Researchers from Baidu Research Robotics and Auto-Driving Lab (RAL) and the University of Maryland, College Park (UMD) have developed a real-time mapping approach for autonomous navigation of excavators on complex terrains named Terrain Traversability Mapping (TTM). Using TTM, an autonomous excavator can navigate through unstructured outdoor environments consisting of deep pits, steep hills, rock piles, and other complex terrain features. This is the first complex terrain processing approach developed for heavy-duty excavation machines.
The research team exhibited the technology at MINExpo INTERNATIONAL 2021.
The development of robotic systems such as autonomous excavators in the construction and mining industries is a growing trend as these companies worldwide are encountering labor shortages in the face of increasing demand for skilled heavy machinery operators. The global market size for excavators was $44.12 billion in 2018 and is expected to grow to $63.14 billion by 2026.

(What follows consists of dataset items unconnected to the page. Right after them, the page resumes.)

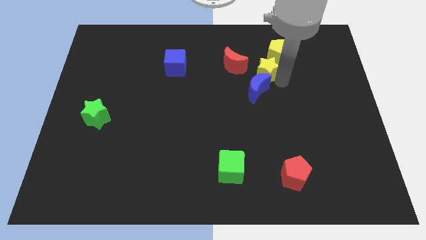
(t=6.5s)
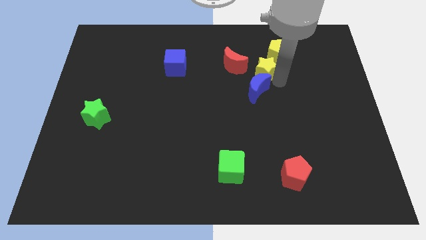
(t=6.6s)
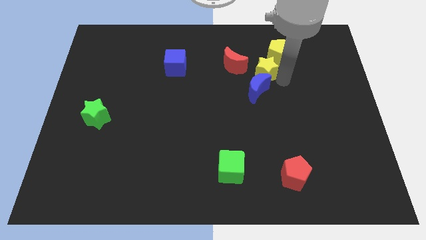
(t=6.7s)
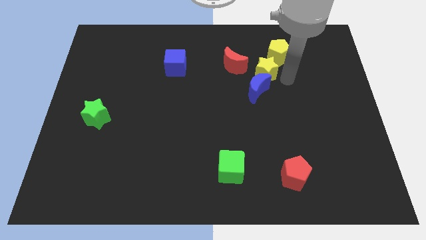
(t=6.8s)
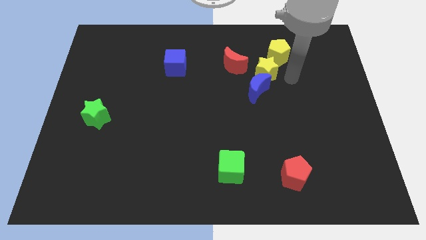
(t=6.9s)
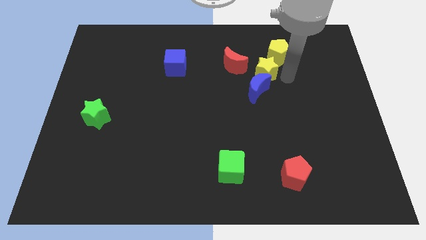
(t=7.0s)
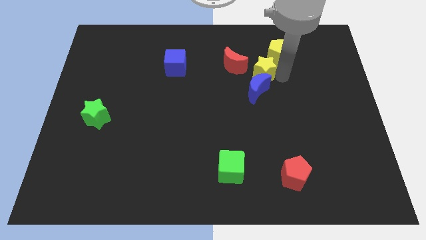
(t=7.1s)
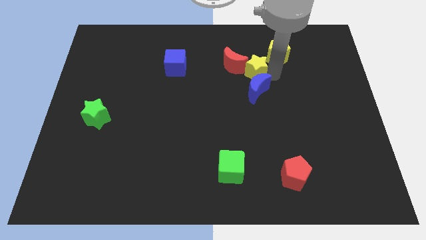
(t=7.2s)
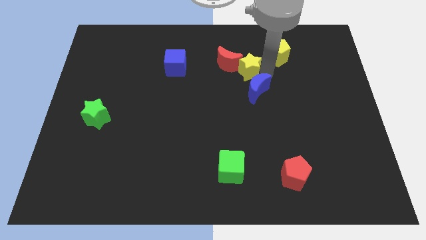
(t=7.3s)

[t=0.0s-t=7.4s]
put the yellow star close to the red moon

Excavators are widely operated in unstructured and dangerous environments that have unpredictable and potentially hazardous conditions. The operations of excavators consist of digging and dumping, which raise the risk of landfalls or cave-ins. These complex environments lack lane markings, and obstacles tend to be non-uniform and random, making them less navigation-friendly. To ensure the safety of operators in this environment, it is crucial for autonomous excavators to be able to identify different terrain features and predict safe regions for navigation.
To enable autonomous excavators to handle complex terrains, the researchers developed an efficient learning-based geometric method to extract terrain features from RGB images and 3D point clouds and incorporate them into a global map for planning and navigation. The method uses physical characteristics of the excavator, including maximum climbing degree and machine specifications, to determine the traversable area, adapt to changing environments, and update the terrain information in real-time. In addition, these researchers have prepared a novel autonomous excavator terrain dataset, which consists of RGB images and LiDAR point clouds from construction sites with seven different categories based on navigability. This integrates the mapping approach with planning and control modules to continuously improve the autonomous excavator navigation system. Experiments showed that while using TTM, an excavator can navigate through unstructured environments with a much higher success rate compared to existing planning schemes.
The new TTM technique comes on the heels of another innovation Baidu RAL and UMD co-developed this June -- an autonomous excavator system (AES) that can perform material loading tasks for 24 hours without any human intervention, while offering performance nearly equivalent to that of an experienced human operator. The researchers described their methodology in a research paper published on June 30, 2021, in Science Robotics.